Exercise instructions
Scan the records for the string "xmlns" and copy every line that holds it.

[Dataset items]
--------------------

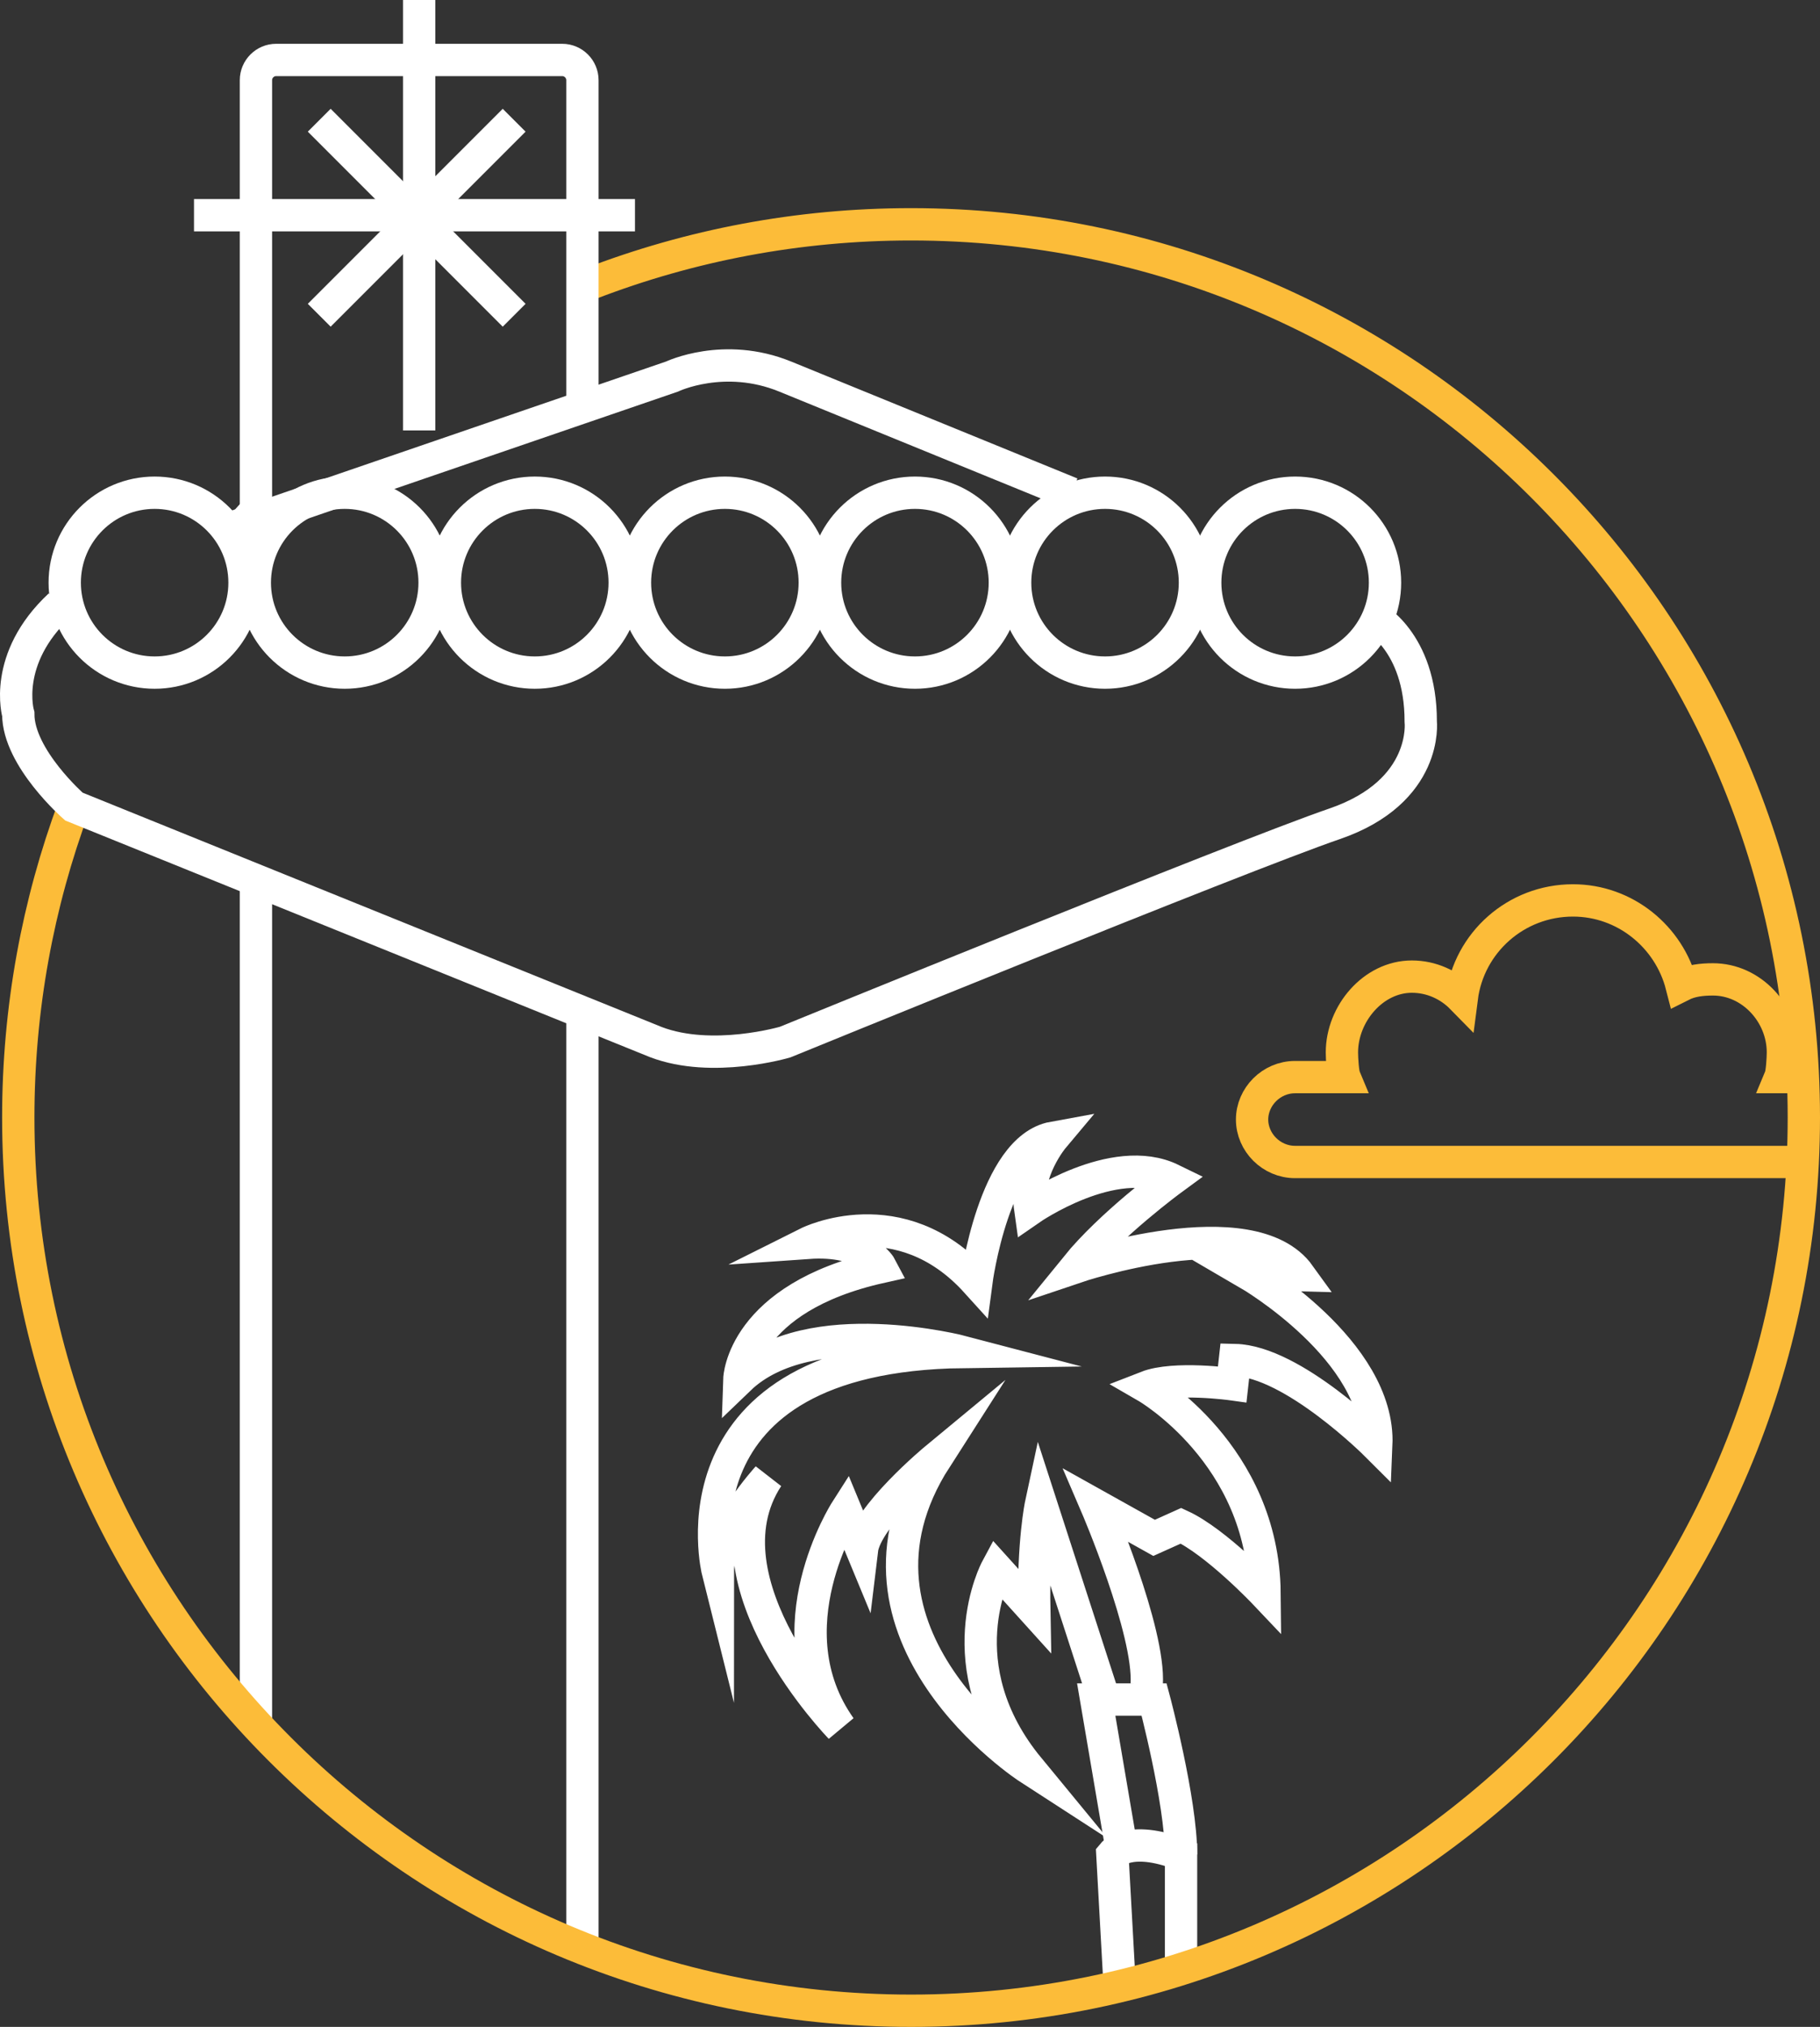 <?xml version="1.0" encoding="UTF-8" standalone="no"?>
<svg
   xmlns:dc="http://purl.org/dc/elements/1.1/"
   xmlns:cc="http://creativecommons.org/ns#"
   xmlns:rdf="http://www.w3.org/1999/02/22-rdf-syntax-ns#"
   xmlns:svg="http://www.w3.org/2000/svg"
   xmlns="http://www.w3.org/2000/svg"
   viewBox="0 0 563.154 626.875"
   height="626.875"
   width="563.154"
   xml:space="preserve"
   version="1.1"
   id="svg2"><rect x="0" y="0" width="563.154" height="626.875" fill="#333333" stroke="none"/><defs
     id="defs6"><clipPath
       id="clipPath16"
       clipPathUnits="userSpaceOnUse"><path
         id="path18"
         d="m 0,501.5 450.523,0 0,-501.5 L 0,0 0,501.5 Z" /></clipPath></defs><g
     transform="matrix(1.25,0,0,-1.25,0,626.875)"
     id="g10"><g
       id="g12"><g
         clip-path="url(#clipPath16)"
         id="g14"><g
           transform="translate(57.513,368.581)"
           id="g20"><path
             id="path22"
             style="fill:none;stroke:#ffffff;stroke-width:8;stroke-linecap:butt;stroke-linejoin:miter;stroke-miterlimit:10;stroke-dasharray:none;stroke-opacity:1"
             d="M 0,0 C 2.371,2.772 4.81,5.484 7.313,8.135" /></g><g
           transform="translate(63.357,74.5)"
           id="g24"><path
             id="path26"
             style="fill:none;stroke:#ffffff;stroke-width:8;stroke-linecap:butt;stroke-linejoin:miter;stroke-miterlimit:10;stroke-dasharray:none;stroke-opacity:1"
             d="M 0,0 0,208.5" /></g><g
           transform="translate(144.172,251)"
           id="g28"><path
             id="path30"
             style="fill:none;stroke:#ffffff;stroke-width:8;stroke-linecap:butt;stroke-linejoin:miter;stroke-miterlimit:10;stroke-dasharray:none;stroke-opacity:1"
             d="M 0,0 0,-231" /></g><g
           transform="translate(58.123,371.21)"
           id="g32"><path
             id="path34"
             style="fill:none;stroke:#ffffff;stroke-width:8;stroke-linecap:butt;stroke-linejoin:miter;stroke-miterlimit:10;stroke-dasharray:none;stroke-opacity:1"
             d="M 0,0 5.381,1.846" /></g><g
           transform="translate(447.023,235)"
           id="g36"><path
             id="path38"
             style="fill:none;stroke:#fcbc39;stroke-width:8;stroke-linecap:butt;stroke-linejoin:miter;stroke-miterlimit:10;stroke-dasharray:none;stroke-opacity:1"
             d="m 0,0 -6.328,0 c 0.417,1 0.644,4.515 0.644,6.136 0,9.56 -7.751,18.042 -17.311,18.042 -2.795,0 -5.434,-0.302 -7.771,-1.479 -3.076,11.981 -13.948,21.019 -26.888,21.019 -14.119,0 -25.768,-10.454 -27.521,-24.096 -3.142,3.204 -7.518,5.241 -12.36,5.241 -9.561,0 -17.311,-9.19 -17.311,-18.75 0,-1.621 0.227,-5.113 0.644,-6.113 l -12.249,0 c -5.872,0 -10.632,-4.863 -10.632,-10.5 0,-5.637 4.76,-10.5 10.632,-10.5 L -1,-21" /></g><g
           transform="translate(107.583,357.338)"
           id="g40"><path
             id="path42"
             style="fill:none;stroke:#ffffff;stroke-width:8;stroke-linecap:butt;stroke-linejoin:miter;stroke-miterlimit:10;stroke-dasharray:none;stroke-opacity:1"
             d="m 0,0 c 0,-12.29 -9.963,-22.253 -22.253,-22.253 -12.291,0 -22.254,9.963 -22.254,22.253 0,12.29 9.963,22.253 22.254,22.253 C -9.963,22.253 0,12.29 0,0 Z" /></g><g
           transform="translate(154.636,357.338)"
           id="g44"><path
             id="path46"
             style="fill:none;stroke:#ffffff;stroke-width:8;stroke-linecap:butt;stroke-linejoin:miter;stroke-miterlimit:10;stroke-dasharray:none;stroke-opacity:1"
             d="m 0,0 c 0,-12.29 -9.963,-22.253 -22.253,-22.253 -12.291,0 -22.254,9.963 -22.254,22.253 0,12.29 9.963,22.253 22.254,22.253 C -9.963,22.253 0,12.29 0,0 Z" /></g><g
           transform="translate(201.689,357.338)"
           id="g48"><path
             id="path50"
             style="fill:none;stroke:#ffffff;stroke-width:8;stroke-linecap:butt;stroke-linejoin:miter;stroke-miterlimit:10;stroke-dasharray:none;stroke-opacity:1"
             d="m 0,0 c 0,-12.29 -9.963,-22.253 -22.253,-22.253 -12.291,0 -22.254,9.963 -22.254,22.253 0,12.29 9.963,22.253 22.254,22.253 C -9.963,22.253 0,12.29 0,0 Z" /></g><g
           transform="translate(248.741,357.338)"
           id="g52"><path
             id="path54"
             style="fill:none;stroke:#ffffff;stroke-width:8;stroke-linecap:butt;stroke-linejoin:miter;stroke-miterlimit:10;stroke-dasharray:none;stroke-opacity:1"
             d="m 0,0 c 0,-12.29 -9.963,-22.253 -22.253,-22.253 -12.291,0 -22.254,9.963 -22.254,22.253 0,12.29 9.963,22.253 22.254,22.253 C -9.963,22.253 0,12.29 0,0 Z" /></g><g
           transform="translate(295.794,357.338)"
           id="g56"><path
             id="path58"
             style="fill:none;stroke:#ffffff;stroke-width:8;stroke-linecap:butt;stroke-linejoin:miter;stroke-miterlimit:10;stroke-dasharray:none;stroke-opacity:1"
             d="m 0,0 c 0,-12.29 -9.963,-22.253 -22.253,-22.253 -12.291,0 -22.254,9.963 -22.254,22.253 0,12.29 9.963,22.253 22.254,22.253 C -9.963,22.253 0,12.29 0,0 Z" /></g><g
           transform="translate(342.847,357.338)"
           id="g60"><path
             id="path62"
             style="fill:none;stroke:#ffffff;stroke-width:8;stroke-linecap:butt;stroke-linejoin:miter;stroke-miterlimit:10;stroke-dasharray:none;stroke-opacity:1"
             d="m 0,0 c 0,-12.29 -9.963,-22.253 -22.253,-22.253 -12.291,0 -22.254,9.963 -22.254,22.253 0,12.29 9.963,22.253 22.254,22.253 C -9.963,22.253 0,12.29 0,0 Z" /></g><g
           transform="translate(103.764,501.5)"
           id="g64"><path
             id="path66"
             style="fill:none;stroke:#ffffff;stroke-width:8;stroke-linecap:butt;stroke-linejoin:miter;stroke-miterlimit:10;stroke-dasharray:none;stroke-opacity:1"
             d="M 0,0 0,-106.5" /></g><g
           transform="translate(48.023,448.25)"
           id="g68"><path
             id="path70"
             style="fill:none;stroke:#ffffff;stroke-width:8;stroke-linecap:butt;stroke-linejoin:miter;stroke-miterlimit:10;stroke-dasharray:none;stroke-opacity:1"
             d="M 0,0 109.158,0" /></g><g
           transform="translate(79.023,423.5)"
           id="g72"><path
             id="path74"
             style="fill:none;stroke:#ffffff;stroke-width:8;stroke-linecap:butt;stroke-linejoin:miter;stroke-miterlimit:10;stroke-dasharray:none;stroke-opacity:1"
             d="M 0,0 48.25,48.25" /></g><g
           transform="translate(127.273,423.5)"
           id="g76"><path
             id="path78"
             style="fill:none;stroke:#ffffff;stroke-width:8;stroke-linecap:butt;stroke-linejoin:miter;stroke-miterlimit:10;stroke-dasharray:none;stroke-opacity:1"
             d="M 0,0 -48.25,48.25" /></g><g
           transform="translate(277.166,10.07)"
           id="g80"><path
             id="path82"
             style="fill:none;stroke:#ffffff;stroke-width:8;stroke-linecap:butt;stroke-linejoin:miter;stroke-miterlimit:10;stroke-dasharray:none;stroke-opacity:1"
             d="m 0,0 -1.809,32.597 c 0,0 4,5 17,0 l 0,-28.379" /></g><g
           transform="translate(277.639,44.123)"
           id="g84"><path
             id="path86"
             style="fill:none;stroke:#ffffff;stroke-width:8;stroke-linecap:butt;stroke-linejoin:miter;stroke-miterlimit:10;stroke-dasharray:none;stroke-opacity:1"
             d="m 0,0 -6.282,36.877 14.333,0 c 0,0 6.667,-25 6.667,-38.333" /></g><g
           transform="translate(273.357,81)"
           id="g88"><path
             id="path90"
             style="fill:none;stroke:#ffffff;stroke-width:8;stroke-linecap:butt;stroke-linejoin:miter;stroke-miterlimit:10;stroke-dasharray:none;stroke-opacity:1"
             d="m 0,0 -15.667,48.333 c 0,0 -2,-9.333 -1.666,-26.333 l -9.334,10.333 c 0,0 -12.89,-23.975 8,-49.333 0,0 -51,33 -23,76.667 C -41.667,59.667 -59,45.333 -60,37 l -4,9.667 c 0,0 -18.667,-29.206 -1.333,-53.603 0,0 -35,35.936 -18,61.936 0,0 -12.334,-13.464 -12.334,-23.333 0,0 -13.333,53.333 60.667,54.333 0,0 -38,10 -55.333,-6.667 0,0 0.666,20.006 35,27.67 0,0 -3.667,6.997 -18,5.997 0,0 22.666,11.333 41.666,-9.667 0,0 4.334,33 19,35.667 0,0 -7,-8.333 -5.666,-17.667 0,0 20.666,14.334 35,7.334 0,0 -15,-10.994 -23.667,-21.664 0,0 43.333,14.664 55.333,-2.003 l -12.666,0.333 c 0,0 32.666,-19 31.666,-42.333 0,0 -20.666,20.667 -35,21 l -0.666,-6 c 0,0 -14.334,2 -21.167,-0.667 0,0 28.833,-16.666 29.167,-51 0,0 -12,12.667 -20.667,16.667 L 12.333,40 -2,48 C -2,48 11.333,17 10.5,3.667" /></g><g
           transform="translate(57.513,368.581)"
           id="g92"><path
             id="path94"
             style="fill:none;stroke:#ffffff;stroke-width:8;stroke-linecap:butt;stroke-linejoin:miter;stroke-miterlimit:10;stroke-dasharray:none;stroke-opacity:1"
             d="M 0,0 C 2.371,2.772 4.81,5.484 7.313,8.135" /></g><g
           transform="translate(146.101,431.299)"
           id="g96"><path
             id="path98"
             style="fill:none;stroke:#fcbc39;stroke-width:8;stroke-linecap:butt;stroke-linejoin:miter;stroke-miterlimit:10;stroke-dasharray:none;stroke-opacity:1"
             d="m 0,0 c 24.648,9.495 51.427,14.701 79.422,14.701 122.055,0 221,-98.945 221,-221 0,-122.055 -98.945,-221 -221,-221 -122.055,0 -221,98.945 -221,221 0,27.058 4.863,52.981 13.762,76.941" /></g><g
           transform="translate(337.48,349.902)"
           id="g100"><path
             id="path102"
             style="fill:none;stroke:#ffffff;stroke-width:8;stroke-linecap:butt;stroke-linejoin:miter;stroke-miterlimit:10;stroke-dasharray:none;stroke-opacity:1"
             d="m 0,0 2.21,-0.902 c 0,0 12,-6 12,-26 0,0 2,-17.334 -21.333,-25.334 -23.333,-8 -136,-54 -136,-54 0,0 -18,-5.333 -32,0 l -144.067,58.274 c 0,0 -13.766,12.023 -13.766,22.874 0,0 -4.028,13.619 10.262,26.938" /></g><g
           transform="translate(63.357,374)"
           id="g104"><path
             id="path106"
             style="fill:none;stroke:#ffffff;stroke-width:8;stroke-linecap:butt;stroke-linejoin:miter;stroke-miterlimit:10;stroke-dasharray:none;stroke-opacity:1"
             d="m 0,0 0,107.666 c 0,2.75 2.25,5 5,5 l 70.815,0 c 2.75,0 5,-2.25 5,-5 l 0,-79.666" /></g><g
           transform="translate(63.504,373.055)"
           id="g108"><path
             id="path110"
             style="fill:none;stroke:#ffffff;stroke-width:8;stroke-linecap:butt;stroke-linejoin:miter;stroke-miterlimit:10;stroke-dasharray:none;stroke-opacity:1"
             d="m 0,0 102.853,35.278 c 0,0 12.886,6.17 28,0 L 201.687,6.359" /></g><g
           transform="translate(60.53,357.338)"
           id="g112"><path
             id="path114"
             style="fill:none;stroke:#ffffff;stroke-width:8;stroke-linecap:butt;stroke-linejoin:miter;stroke-miterlimit:10;stroke-dasharray:none;stroke-opacity:1"
             d="m 0,0 c 0,-12.29 -9.963,-22.253 -22.253,-22.253 -12.291,0 -22.254,9.963 -22.254,22.253 0,12.29 9.963,22.253 22.254,22.253 C -9.963,22.253 0,12.29 0,0 Z" /></g></g></g></g></svg>

--------------------

Task response
   xmlns:dc="http://purl.org/dc/elements/1.1/"
   xmlns:cc="http://creativecommons.org/ns#"
   xmlns:rdf="http://www.w3.org/1999/02/22-rdf-syntax-ns#"
   xmlns:svg="http://www.w3.org/2000/svg"
   xmlns="http://www.w3.org/2000/svg"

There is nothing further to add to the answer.